■ **TASK REQUIREMENTS**
Give back exactly the lines from the one containing "48.47l25.84-30.03h-6.12L56.59 44.52 38.67" through the end of the records, including both, and no others.

------

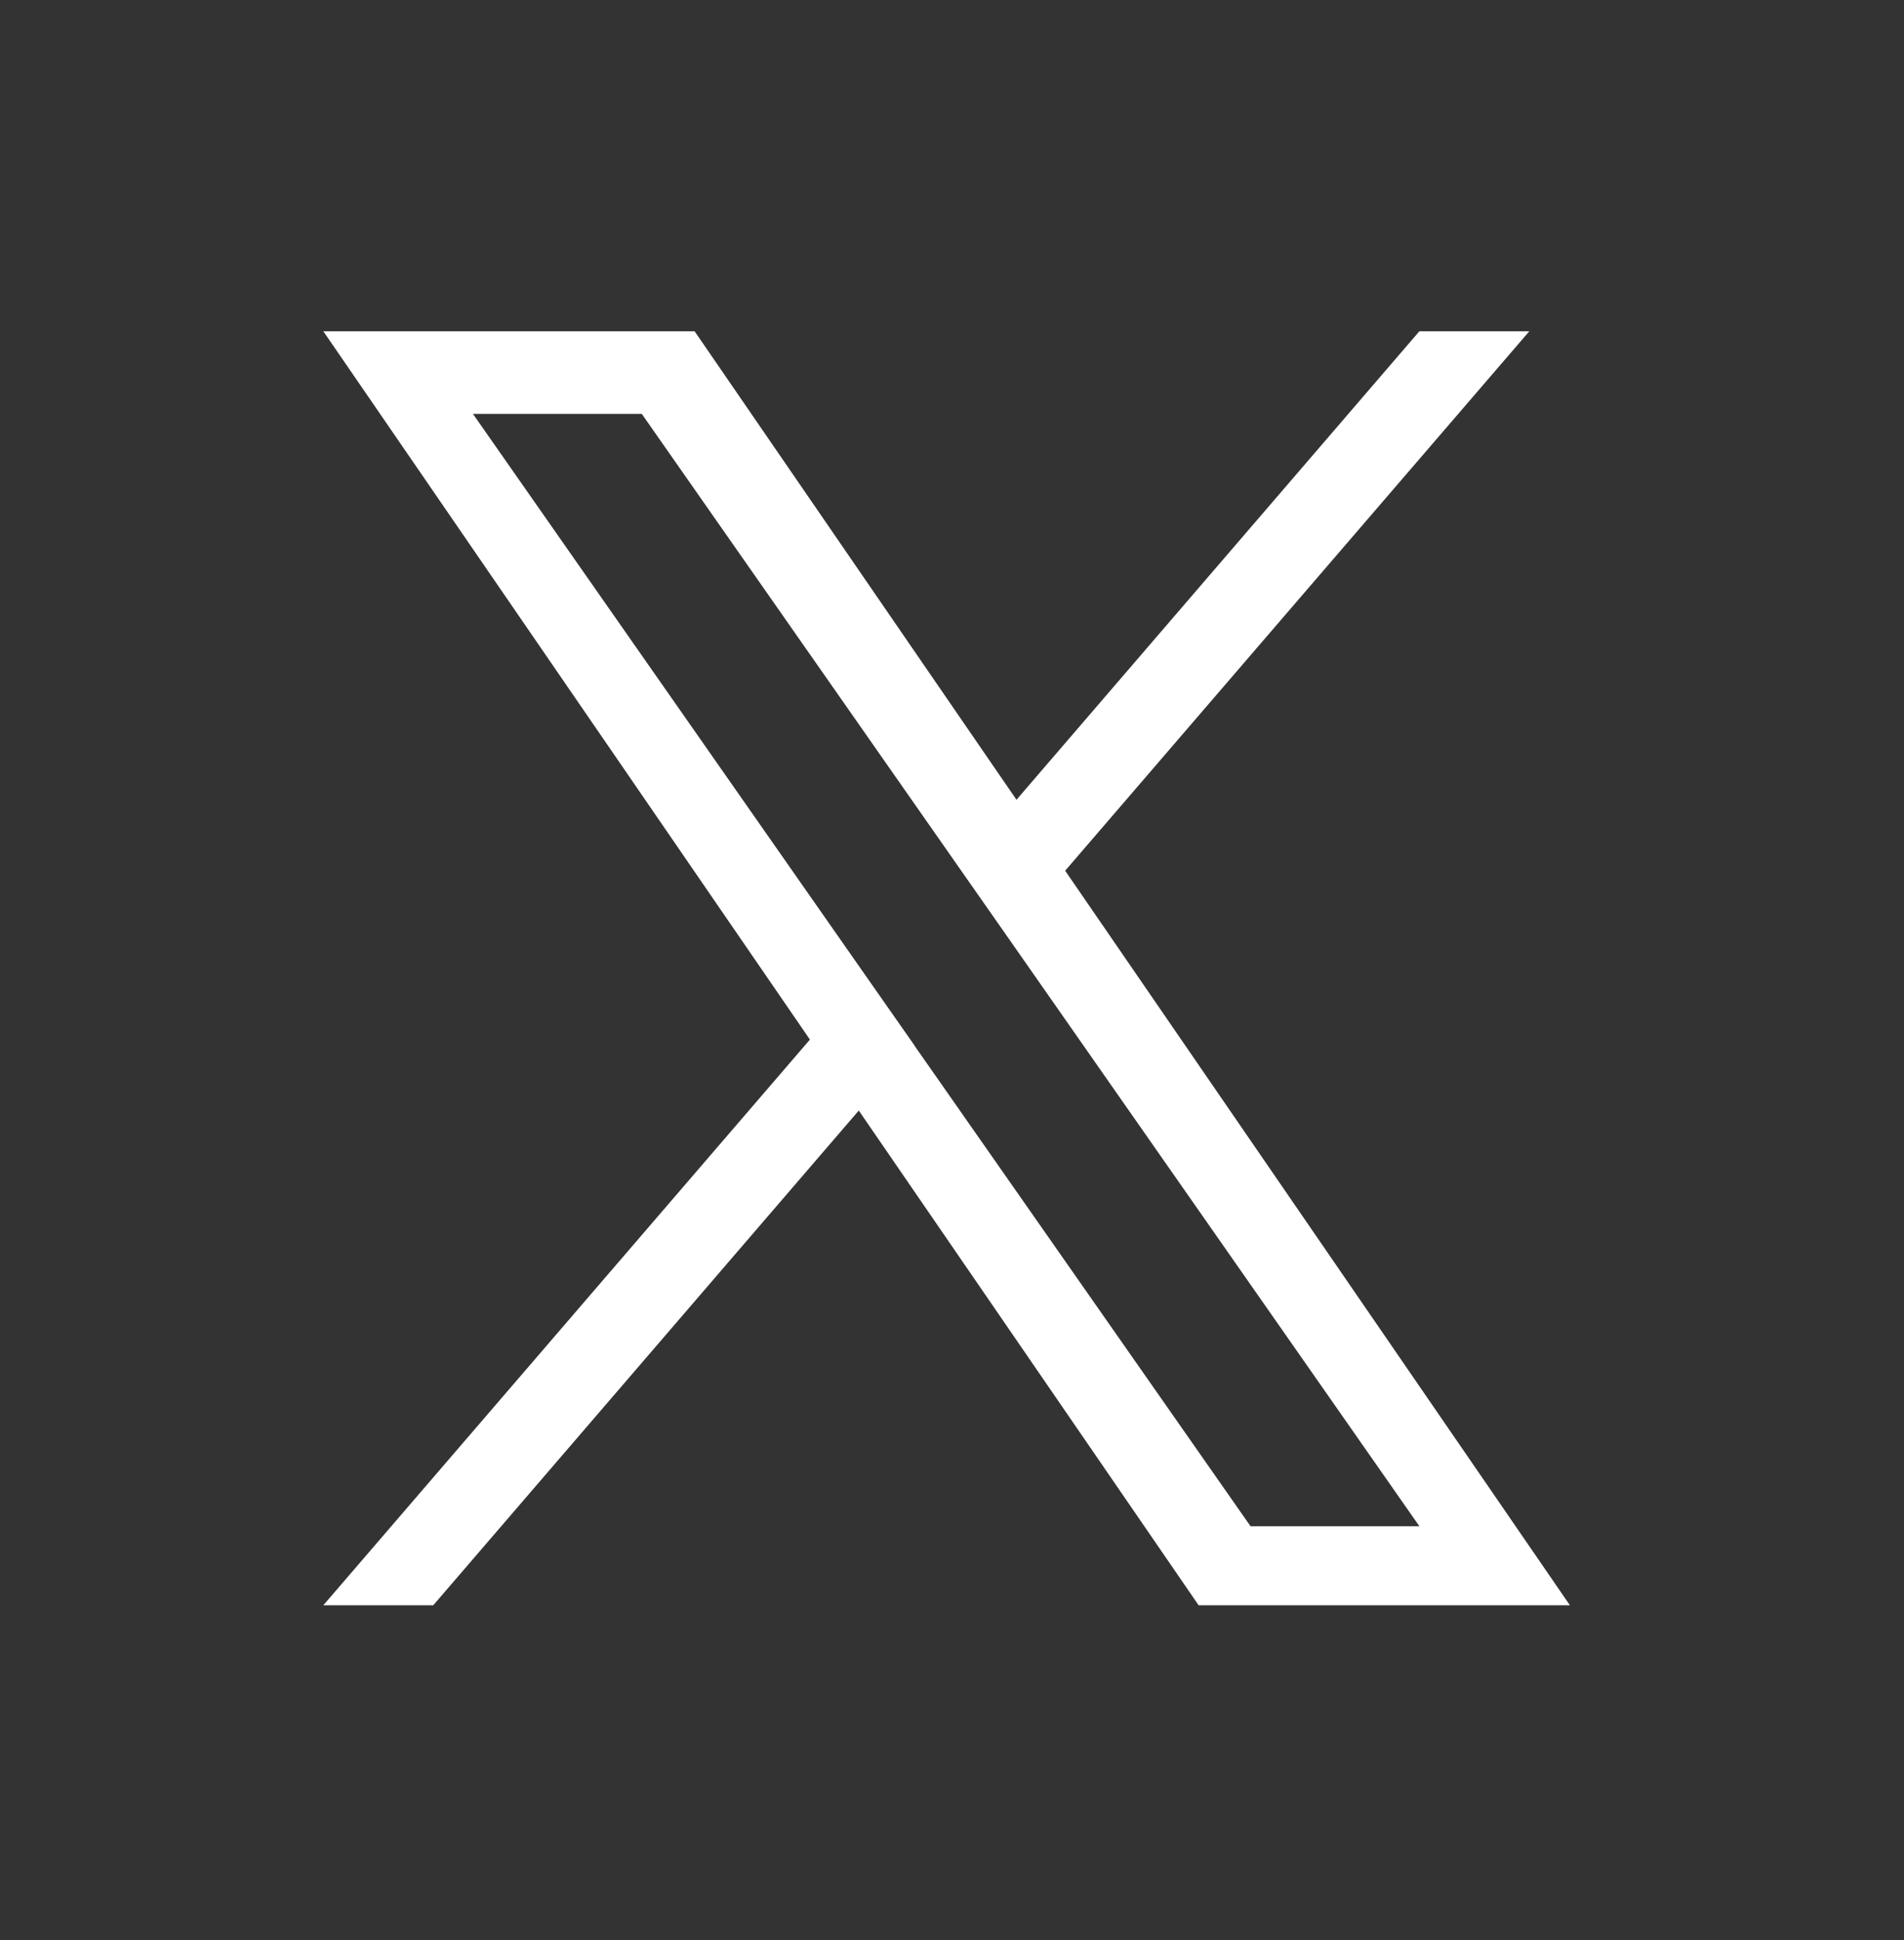 <svg xmlns="http://www.w3.org/2000/svg" width="106" height="108">
  <rect width="100%" height="100%" fill="#333333" stroke="none"/>
  <path
    d="M59.3 48.47l25.84-30.03h-6.12L56.59 44.52 38.67 18.44H18l27.09 39.43L18 89.36h6.12l23.69-27.54 18.92 27.54H87.4L59.3 48.47zm-8.38 9.74l-2.75-3.93-21.84-31.24h9.4l17.63 25.21 2.75 3.93 22.91 32.78h-9.4l-18.7-26.74z"
    fill="#fff" />
</svg>

------

■ **SOLUTION TO THE EXERCISE**
    d="M59.3 48.47l25.84-30.03h-6.12L56.59 44.52 38.67 18.44H18l27.09 39.43L18 89.36h6.12l23.69-27.54 18.92 27.54H87.4L59.3 48.47zm-8.38 9.74l-2.75-3.93-21.84-31.24h9.4l17.63 25.21 2.75 3.93 22.91 32.78h-9.4l-18.7-26.74z"
    fill="#fff" />
</svg>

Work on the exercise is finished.